The ONS weights each product or service category depending on its importance to the average person’s budget. It means things that are integral to our lives, like food, have more of a bearing on the CPI rate than luxuries, such as alcohol.

In all, the ONS gathers 180,000 individual prices for more than 720 consumer goods and services every single month. These prices are collected in roughly 140 locations across the UK, as well as from the internet and over the phone.

Every year, the ONS measures inflation using a typical ‘basket’ of goods and services the average household spends money on (image: Adobe)Every year, the ONS measures inflation using a typical ‘basket’ of goods and services the average household spends money on (image: Adobe)
Every year, the ONS measures inflation using a typical ‘basket’ of goods and services the average household spends money on (image: Adobe)

Percentage increases in price are then multiplied by the weighting the particular product category has been given, which gives us a picture of how much of an impact it is having on consumer budgets. The September edition of the CPI tends to be especially important because the government uses it to judge how much state benefits should increase from the next financial year.

The ONS also calculates a version of the CPI that includes home owner occupier costs and council tax (CPIH). While it is a more comprehensive measure of overall inflation, it masks day-to-day consumer price changes because housing is given a huge weighting. It also makes it harder to make international comparisons, as the UK’s housing system is very different from those in other countries.


Alongside the CPI, the ONS also calculates inflation through the Retail Prices Index (RPI). However, it is not used for official purposes as, by international standards, it is seen as an inferior measurement to the CPI.
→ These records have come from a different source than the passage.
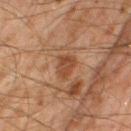Captured during whole-body skin photography for melanoma surveillance; the lesion was not biopsied. Cropped from a total-body skin-imaging series; the visible field is about 15 mm. From the right thigh. The subject is a male aged 43 to 47. Captured under cross-polarized illumination. The lesion's longest dimension is about 3 mm.
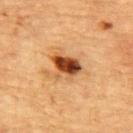biopsy status: total-body-photography surveillance lesion; no biopsy
image source: total-body-photography crop, ~15 mm field of view
patient: female, aged 68 to 72
image-analysis metrics: a lesion area of about 9 mm², an outline eccentricity of about 0.6 (0 = round, 1 = elongated), and a shape-asymmetry score of about 0.35 (0 = symmetric); an average lesion color of about L≈41 a*≈22 b*≈35 (CIELAB) and a lesion-to-skin contrast of about 12 (normalized; higher = more distinct); a lesion-detection confidence of about 100/100
anatomic site: the upper back
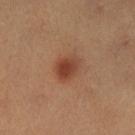follow-up=no biopsy performed (imaged during a skin exam) | lesion diameter=about 3.5 mm | patient=female, roughly 40 years of age | image-analysis metrics=a shape eccentricity near 0.65; a border-irregularity rating of about 1.5/10, a color-variation rating of about 3.5/10, and peripheral color asymmetry of about 1; lesion-presence confidence of about 100/100 | imaging modality=~15 mm tile from a whole-body skin photo | location=the left lower leg.
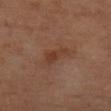workup: catalogued during a skin exam; not biopsied
patient: female, aged 63–67
lighting: cross-polarized illumination
image source: total-body-photography crop, ~15 mm field of view
anatomic site: the left forearm
automated metrics: an area of roughly 5.5 mm², an outline eccentricity of about 0.9 (0 = round, 1 = elongated), and a symmetry-axis asymmetry near 0.4; a mean CIELAB color near L≈38 a*≈21 b*≈28 and a lesion–skin lightness drop of about 7; a border-irregularity index near 4/10, a within-lesion color-variation index near 2/10, and radial color variation of about 0.5
lesion size: about 3.5 mm
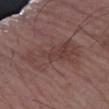Findings:
* follow-up: total-body-photography surveillance lesion; no biopsy
* patient: male, in their mid-60s
* acquisition: total-body-photography crop, ~15 mm field of view
* site: the right forearm
* tile lighting: white-light
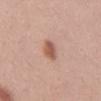The lesion was photographed on a routine skin check and not biopsied; there is no pathology result. A region of skin cropped from a whole-body photographic capture, roughly 15 mm wide. A female patient, roughly 35 years of age. About 4 mm across. Imaged with white-light lighting. Automated tile analysis of the lesion measured a lesion-detection confidence of about 100/100. Located on the mid back.
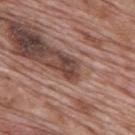biopsy status: imaged on a skin check; not biopsied
subject: male, aged 68 to 72
illumination: white-light
site: the mid back
TBP lesion metrics: a lesion area of about 3.5 mm², an outline eccentricity of about 0.85 (0 = round, 1 = elongated), and two-axis asymmetry of about 0.35; a mean CIELAB color near L≈41 a*≈20 b*≈22, a lesion–skin lightness drop of about 12, and a normalized border contrast of about 10; a border-irregularity index near 4/10, internal color variation of about 2.5 on a 0–10 scale, and a peripheral color-asymmetry measure near 0.5
image source: ~15 mm crop, total-body skin-cancer survey
lesion diameter: about 3 mm
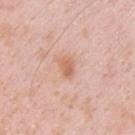The patient is a male aged 33–37. Located on the chest. This image is a 15 mm lesion crop taken from a total-body photograph.
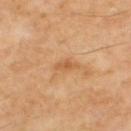Assessment: This lesion was catalogued during total-body skin photography and was not selected for biopsy. Clinical summary: A male subject in their mid-50s. A 15 mm close-up extracted from a 3D total-body photography capture. The tile uses cross-polarized illumination. From the upper back. The lesion-visualizer software estimated an average lesion color of about L≈53 a*≈21 b*≈37 (CIELAB) and a normalized border contrast of about 5.5. The analysis additionally found border irregularity of about 3 on a 0–10 scale, internal color variation of about 1 on a 0–10 scale, and peripheral color asymmetry of about 0.5. It also reported a nevus-likeness score of about 0/100 and a lesion-detection confidence of about 100/100.
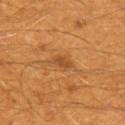Clinical impression: The lesion was tiled from a total-body skin photograph and was not biopsied. Acquisition and patient details: The lesion is on the upper back. A male patient, about 60 years old. This is a cross-polarized tile. Measured at roughly 2.5 mm in maximum diameter. A lesion tile, about 15 mm wide, cut from a 3D total-body photograph.
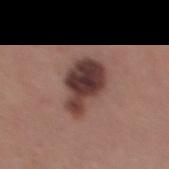The lesion was photographed on a routine skin check and not biopsied; there is no pathology result. Cropped from a total-body skin-imaging series; the visible field is about 15 mm. Automated image analysis of the tile measured a footprint of about 16 mm², an eccentricity of roughly 0.8, and two-axis asymmetry of about 0.3. It also reported a mean CIELAB color near L≈38 a*≈20 b*≈20, a lesion–skin lightness drop of about 16, and a normalized border contrast of about 12.5. The software also gave a border-irregularity rating of about 3/10 and internal color variation of about 6.5 on a 0–10 scale. And it measured a nevus-likeness score of about 25/100. The subject is a male roughly 40 years of age. Located on the back. The recorded lesion diameter is about 5.5 mm.

A train entering Central Station in Glasgow, Scotland in June 2022 (Pic: Getty Images)A train entering Central Station in Glasgow, Scotland in June 2022 (Pic: Getty Images)
A train entering Central Station in Glasgow, Scotland in June 2022 (Pic: Getty Images)

The reason why it is still calculated is because it provides a historical yardstick for how UK inflation has changed. This is because it was used for much of the twentieth century. RPI is still used to determine some UK prices, for example train tickets, mobile phone bills and some taxes, like alcohol duty. It fell to a rate of 11.4% in March 2023.
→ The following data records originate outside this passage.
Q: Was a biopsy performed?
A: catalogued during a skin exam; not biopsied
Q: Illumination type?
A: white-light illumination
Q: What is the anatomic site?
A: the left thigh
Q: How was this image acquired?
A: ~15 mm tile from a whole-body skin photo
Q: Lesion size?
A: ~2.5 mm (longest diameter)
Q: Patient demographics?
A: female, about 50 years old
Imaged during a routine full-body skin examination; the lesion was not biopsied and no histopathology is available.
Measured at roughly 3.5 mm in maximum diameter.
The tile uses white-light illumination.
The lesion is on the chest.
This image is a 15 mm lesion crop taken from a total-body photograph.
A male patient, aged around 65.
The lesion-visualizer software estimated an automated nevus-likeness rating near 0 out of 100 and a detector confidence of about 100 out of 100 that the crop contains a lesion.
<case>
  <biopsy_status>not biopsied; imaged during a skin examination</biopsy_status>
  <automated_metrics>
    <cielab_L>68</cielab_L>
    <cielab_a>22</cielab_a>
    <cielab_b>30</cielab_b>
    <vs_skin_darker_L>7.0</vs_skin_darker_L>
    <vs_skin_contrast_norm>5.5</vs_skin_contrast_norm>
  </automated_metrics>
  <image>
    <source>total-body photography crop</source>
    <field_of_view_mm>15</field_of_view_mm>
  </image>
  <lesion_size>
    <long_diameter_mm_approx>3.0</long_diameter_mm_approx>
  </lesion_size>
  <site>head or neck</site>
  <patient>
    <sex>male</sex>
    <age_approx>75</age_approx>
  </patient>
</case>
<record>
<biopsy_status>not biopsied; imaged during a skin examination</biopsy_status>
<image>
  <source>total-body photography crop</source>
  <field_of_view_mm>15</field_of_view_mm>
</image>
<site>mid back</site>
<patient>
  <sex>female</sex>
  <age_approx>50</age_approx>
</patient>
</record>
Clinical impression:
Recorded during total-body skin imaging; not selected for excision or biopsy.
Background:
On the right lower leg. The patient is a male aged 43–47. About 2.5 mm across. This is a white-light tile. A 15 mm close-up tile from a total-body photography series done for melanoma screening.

What does the current CPI mean?

The CPI rate was 8.7% in April 2023. What this means in practice is that the average price of goods and services cost 8.7% more than in April 2022. In real terms, an item that cost £1 last year now costs an average of £1.09 (when we round the figure up).

Ultimately, it means the purchasing power of the pounds in your pocket has diminished significantly since last year. This level of inflation builds on what was already a high rate of 9% in April 2022.